What you have to do: For each line of the data below that contains "January", return that line.

══ Dataset records ══

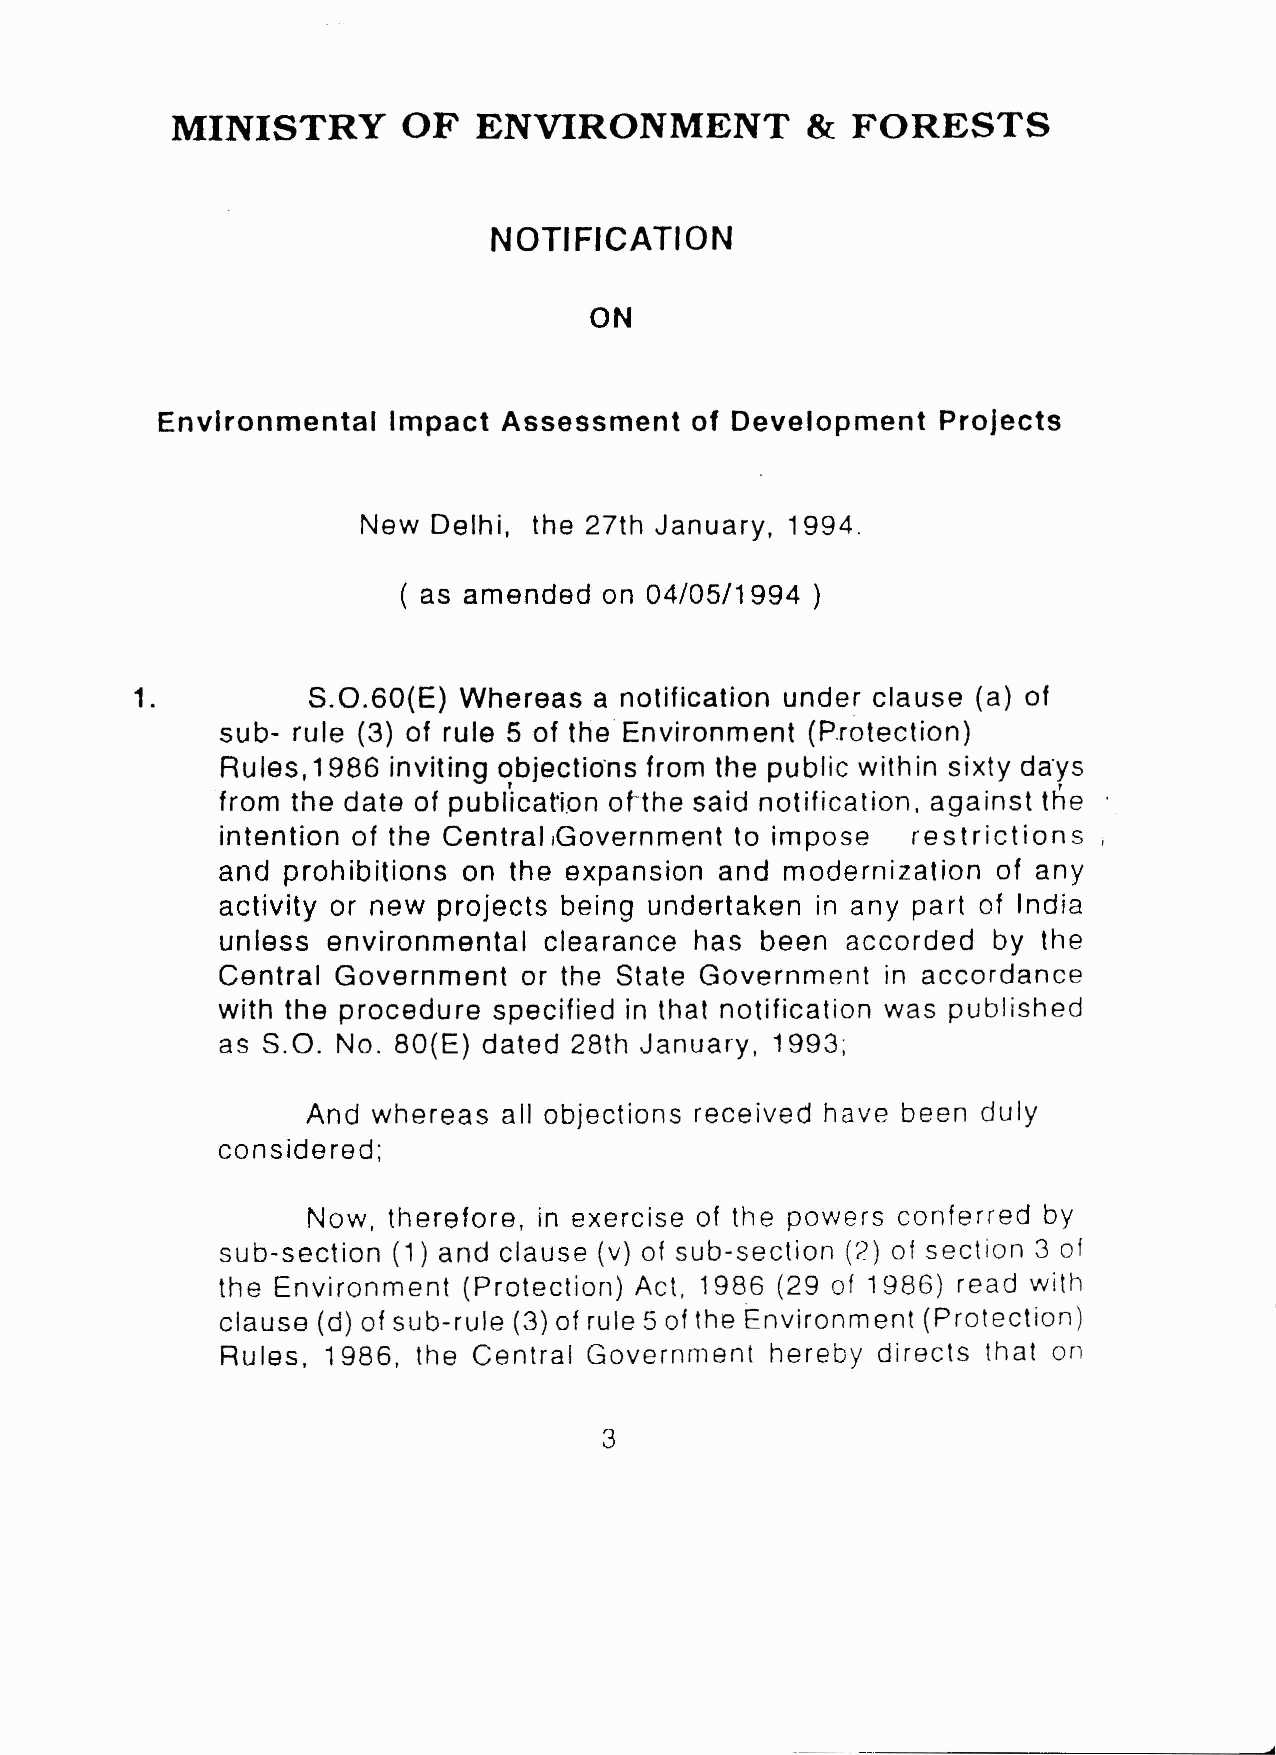
MINISTRY        OF  ENVIRONMENT           &  FORESTS
 NOTIFICATION
 ON
 Environmental   Impact Assessment   of Development  Projects
 New  Delhi, the 27th January, 1994.
 ( as amended  on 04/05/1994 )
 1.         S.O.60(E) Whereas  a notification under clause (a) of
 sub- rule (3) of rule 5 of the'Environment (P.rotection)
 Rules, 1986 inviting objections from the public within sixty da-ys
 r                                   ,
 from the date of publication ohhe said notification, against the
 intention of the Central .Government to impose re stri ction s ,
 and  prohibitions on the expansion and modernization of any
 activity or new projects being undertaken in any part of India
 unless environmental clearance has been  accorded  by the
 Central Government  or the State Government in accordance
 with the procedure specified in that notification was published
 as 8.0. No. 80(E) dated 28th January, 1993;
 And  whereas all objections received have been duly
 considered;
 Now,  therefore, in exercise of the powers conferred by
 sub-section (1) and clause (v) of sub-section (2) of section 3 of
 the Environment (Protection) Act , 1986 (29 of 1986) read with
 clause (d) of sub-rule (3) of rule 5 of the Environment (Protection)
 Rules, 1986, the Central Government hereby directs that on
 3
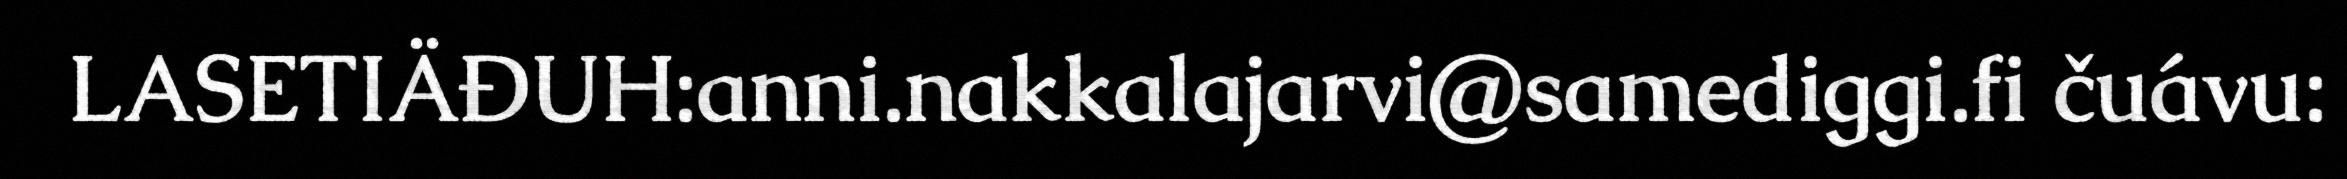
LASETIÄĐUH:anni.nakkalajarvi@samediggi.fi čuávu:
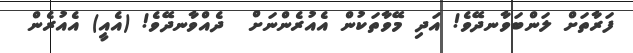
ފަރާތަށް ލަންބަވާނދޭވެ! އަދި މޭވާތަކުން އެއުރެންނަށް  ދެއްވާނދޭވެ! (އެއީ) އެއުރެން
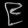
Digit: ၉
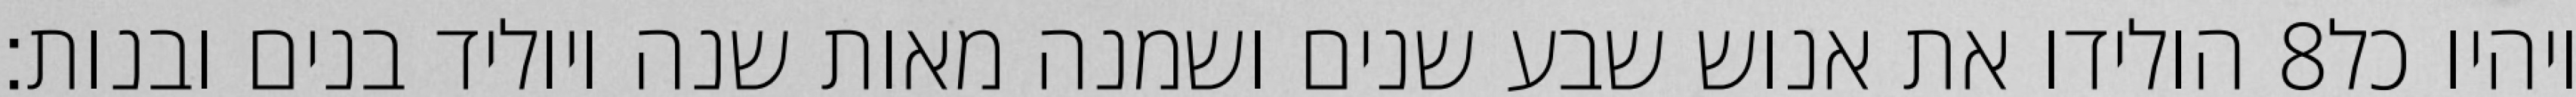
הולידו את אנוש שבע שנים ושמנה מאות שנה ויוליד בנים ובנות׃ ‎8‏ ויהיו כל
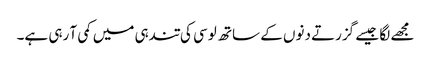
مجھے لگا جیسے گزرتے دنوں کے ساتھ لوسی کی تندہی میں کمی آ رہی ہے۔
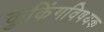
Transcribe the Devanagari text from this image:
कुकिंगविषयक
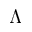
\Lambda
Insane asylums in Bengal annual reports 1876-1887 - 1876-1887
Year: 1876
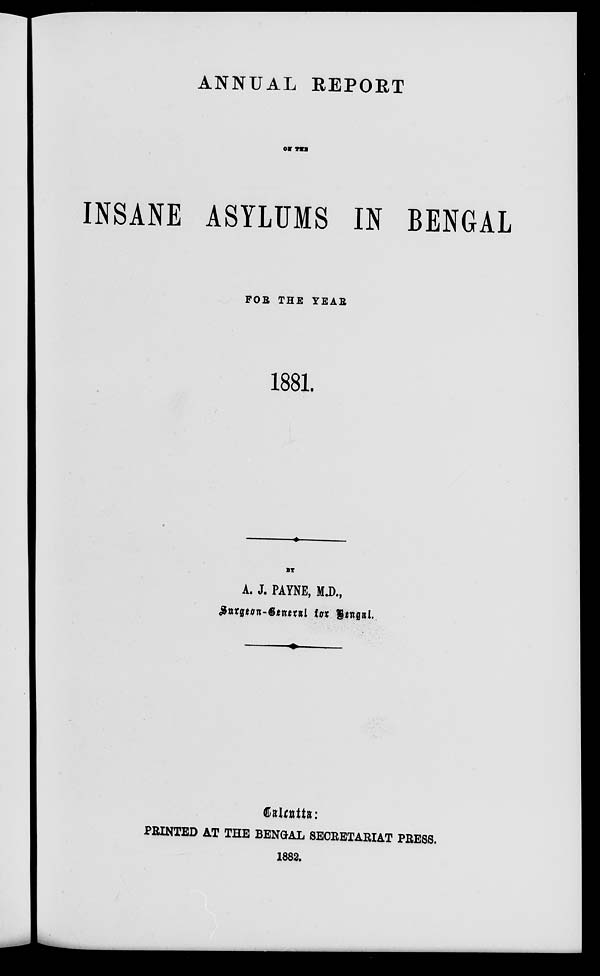
ANNUAL REPORT
OF THE
INSANE ASYLUMS IN BENGAL
FOR THE YEAR
1881.
BY
A. J. PAYNE, M.D.,
Surgeon-General for Bengal.
Calcutta :
PRINTED AT THE BENGAL SECRETARIAT PRESS.
1882.
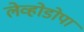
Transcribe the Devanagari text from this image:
लेव्होडोपा
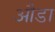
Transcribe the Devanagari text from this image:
औडा
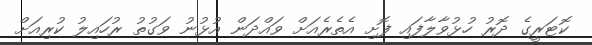
ކޮޓަރީގެ ދޮރު ހުޅުވާލާފައި ފޮށި އެތެރެއަށް ވައްދަން އުޅުނު ވަގުތު ރުހައިލު ކުރިއަށް
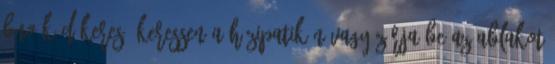
BNO-kód-kereső Keressen a házipatikán vagy zárja be az ablakot
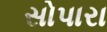
સોપારા
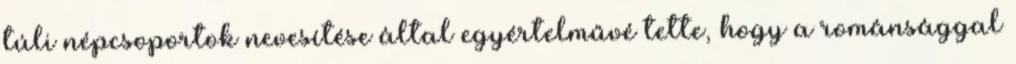
túli népcsoportok nevesítése által egyértelművé tette, hogy a románsággal
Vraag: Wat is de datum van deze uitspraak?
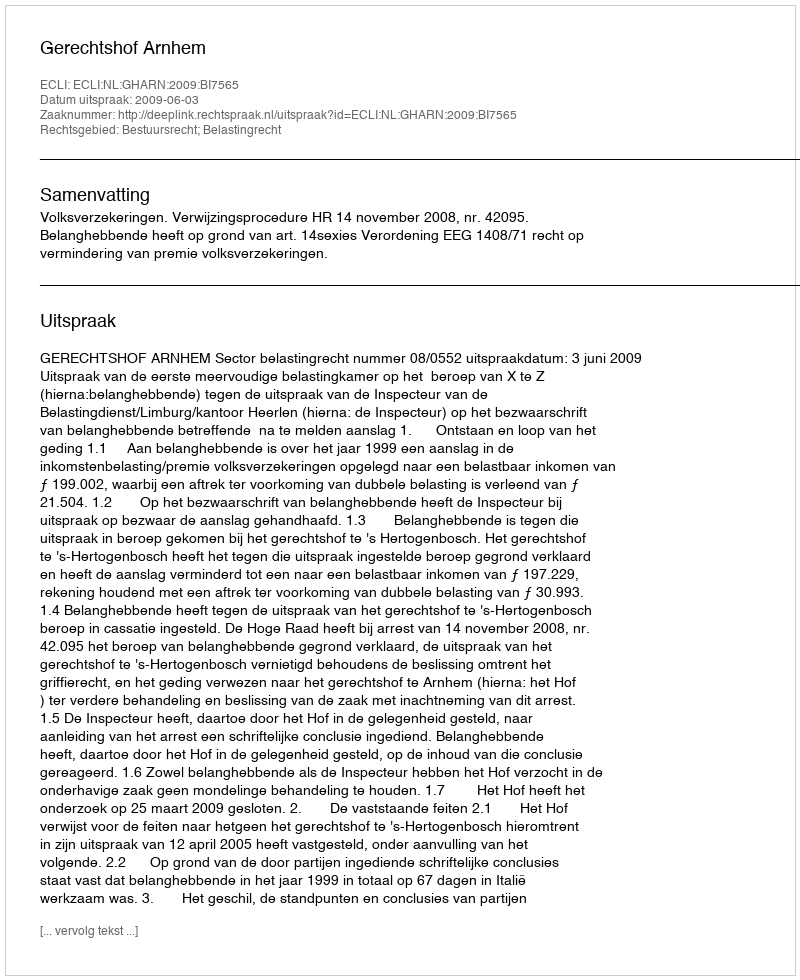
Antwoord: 2009-06-03
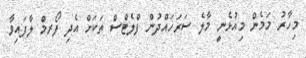
މިހާރު މަމެން މިއުޅެނީ މާލެ ސަރަހައްދުން ފްލެޓްސް ތަކަށް އެދި ފޯރމް ލާފައިވާ
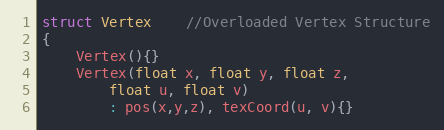
Language: C
struct Vertex	//Overloaded Vertex Structure
{
    Vertex(){}
    Vertex(float x, float y, float z,
        float u, float v)
        : pos(x,y,z), texCoord(u, v){}
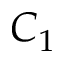
C _ { 1 }
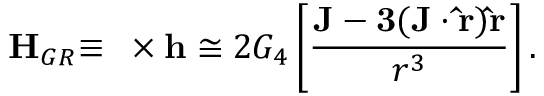
{ \bf H } _ { G R } { \bf \equiv \nabla \times h } \cong 2 G _ { 4 } \left[ { \frac { \bf J - 3 ( { \bf J \cdot \hat { r } } ) { \bf \hat { r } } } { r ^ { 3 } } } \right] .
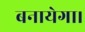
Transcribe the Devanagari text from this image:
बनायेगा।
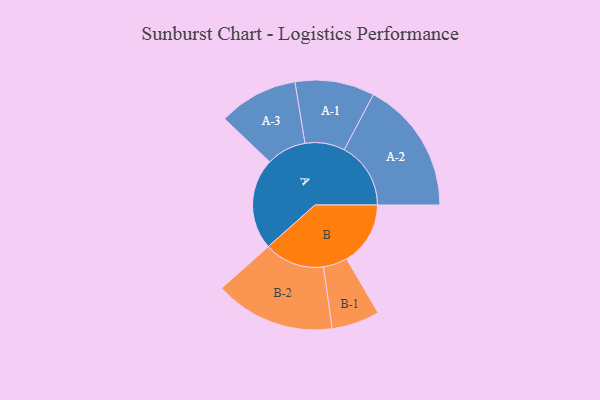
{"axis": {"x": "Segment", "y": "Value"}, "legend": ["", "A", "B"], "data": [{"x": "A", "y": 402, "type": ""}, {"x": "B", "y": 281, "type": ""}, {"x": "A-1", "y": 175, "type": "A"}, {"x": "A-2", "y": 293, "type": "A"}, {"x": "A-3", "y": 175, "type": "A"}, {"x": "B-1", "y": 106, "type": "B"}, {"x": "B-2", "y": 265, "type": "B"}]}
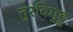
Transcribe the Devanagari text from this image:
तुरविगुड्ड
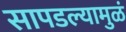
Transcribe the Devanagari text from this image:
सापडल्यामुळं

═══

Result:
 New  Delhi, the 27th January, 1994.
 as 8.0. No. 80(E) dated 28th January, 1993;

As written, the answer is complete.